Dataset entries:
»»
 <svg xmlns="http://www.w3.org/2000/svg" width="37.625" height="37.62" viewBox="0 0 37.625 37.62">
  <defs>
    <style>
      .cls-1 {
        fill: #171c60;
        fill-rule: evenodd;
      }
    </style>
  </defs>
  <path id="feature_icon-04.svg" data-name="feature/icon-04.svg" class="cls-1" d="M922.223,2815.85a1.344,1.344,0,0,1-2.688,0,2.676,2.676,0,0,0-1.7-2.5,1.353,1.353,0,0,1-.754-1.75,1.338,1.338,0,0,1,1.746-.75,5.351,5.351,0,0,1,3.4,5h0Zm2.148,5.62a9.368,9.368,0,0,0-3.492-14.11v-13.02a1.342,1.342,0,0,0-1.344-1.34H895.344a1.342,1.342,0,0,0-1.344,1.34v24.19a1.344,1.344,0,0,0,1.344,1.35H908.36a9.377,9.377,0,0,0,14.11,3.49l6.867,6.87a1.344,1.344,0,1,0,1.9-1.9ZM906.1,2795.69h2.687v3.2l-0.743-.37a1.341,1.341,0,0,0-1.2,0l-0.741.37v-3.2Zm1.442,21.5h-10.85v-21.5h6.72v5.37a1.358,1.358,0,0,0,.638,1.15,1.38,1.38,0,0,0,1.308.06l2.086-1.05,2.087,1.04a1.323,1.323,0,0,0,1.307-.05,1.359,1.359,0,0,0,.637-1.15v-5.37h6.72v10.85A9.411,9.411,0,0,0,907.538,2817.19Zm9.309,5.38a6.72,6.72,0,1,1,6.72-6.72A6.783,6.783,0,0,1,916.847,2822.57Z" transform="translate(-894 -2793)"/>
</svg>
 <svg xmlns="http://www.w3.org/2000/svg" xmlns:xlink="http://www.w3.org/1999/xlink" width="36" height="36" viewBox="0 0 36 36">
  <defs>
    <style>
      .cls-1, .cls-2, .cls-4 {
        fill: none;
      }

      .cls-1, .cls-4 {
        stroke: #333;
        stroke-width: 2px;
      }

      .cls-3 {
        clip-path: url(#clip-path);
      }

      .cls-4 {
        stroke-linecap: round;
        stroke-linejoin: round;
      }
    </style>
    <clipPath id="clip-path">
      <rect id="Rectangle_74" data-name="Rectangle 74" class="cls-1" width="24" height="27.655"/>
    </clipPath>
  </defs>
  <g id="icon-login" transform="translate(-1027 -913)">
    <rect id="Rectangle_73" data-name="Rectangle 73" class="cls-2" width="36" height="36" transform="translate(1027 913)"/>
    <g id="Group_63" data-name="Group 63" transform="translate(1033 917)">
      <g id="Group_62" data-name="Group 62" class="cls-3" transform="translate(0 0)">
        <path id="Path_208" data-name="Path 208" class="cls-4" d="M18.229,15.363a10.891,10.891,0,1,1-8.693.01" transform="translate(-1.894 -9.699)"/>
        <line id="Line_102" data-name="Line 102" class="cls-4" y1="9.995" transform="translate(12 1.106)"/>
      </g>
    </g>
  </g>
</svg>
««
→ TASK: Give back the data above, repeating every record exactly.

→ SOLUTION TO THIS EXERCISE:
 <svg xmlns="http://www.w3.org/2000/svg" width="37.625" height="37.62" viewBox="0 0 37.625 37.62">
  <defs>
    <style>
      .cls-1 {
        fill: #171c60;
        fill-rule: evenodd;
      }
    </style>
  </defs>
  <path id="feature_icon-04.svg" data-name="feature/icon-04.svg" class="cls-1" d="M922.223,2815.85a1.344,1.344,0,0,1-2.688,0,2.676,2.676,0,0,0-1.7-2.5,1.353,1.353,0,0,1-.754-1.75,1.338,1.338,0,0,1,1.746-.75,5.351,5.351,0,0,1,3.4,5h0Zm2.148,5.62a9.368,9.368,0,0,0-3.492-14.11v-13.02a1.342,1.342,0,0,0-1.344-1.34H895.344a1.342,1.342,0,0,0-1.344,1.34v24.19a1.344,1.344,0,0,0,1.344,1.35H908.36a9.377,9.377,0,0,0,14.11,3.49l6.867,6.87a1.344,1.344,0,1,0,1.9-1.9ZM906.1,2795.69h2.687v3.2l-0.743-.37a1.341,1.341,0,0,0-1.2,0l-0.741.37v-3.2Zm1.442,21.5h-10.85v-21.5h6.72v5.37a1.358,1.358,0,0,0,.638,1.15,1.38,1.38,0,0,0,1.308.06l2.086-1.05,2.087,1.04a1.323,1.323,0,0,0,1.307-.05,1.359,1.359,0,0,0,.637-1.15v-5.37h6.72v10.85A9.411,9.411,0,0,0,907.538,2817.19Zm9.309,5.38a6.72,6.72,0,1,1,6.72-6.72A6.783,6.783,0,0,1,916.847,2822.57Z" transform="translate(-894 -2793)"/>
</svg>
 <svg xmlns="http://www.w3.org/2000/svg" xmlns:xlink="http://www.w3.org/1999/xlink" width="36" height="36" viewBox="0 0 36 36">
  <defs>
    <style>
      .cls-1, .cls-2, .cls-4 {
        fill: none;
      }

      .cls-1, .cls-4 {
        stroke: #333;
        stroke-width: 2px;
      }

      .cls-3 {
        clip-path: url(#clip-path);
      }

      .cls-4 {
        stroke-linecap: round;
        stroke-linejoin: round;
      }
    </style>
    <clipPath id="clip-path">
      <rect id="Rectangle_74" data-name="Rectangle 74" class="cls-1" width="24" height="27.655"/>
    </clipPath>
  </defs>
  <g id="icon-login" transform="translate(-1027 -913)">
    <rect id="Rectangle_73" data-name="Rectangle 73" class="cls-2" width="36" height="36" transform="translate(1027 913)"/>
    <g id="Group_63" data-name="Group 63" transform="translate(1033 917)">
      <g id="Group_62" data-name="Group 62" class="cls-3" transform="translate(0 0)">
        <path id="Path_208" data-name="Path 208" class="cls-4" d="M18.229,15.363a10.891,10.891,0,1,1-8.693.01" transform="translate(-1.894 -9.699)"/>
        <line id="Line_102" data-name="Line 102" class="cls-4" y1="9.995" transform="translate(12 1.106)"/>
      </g>
    </g>
  </g>
</svg>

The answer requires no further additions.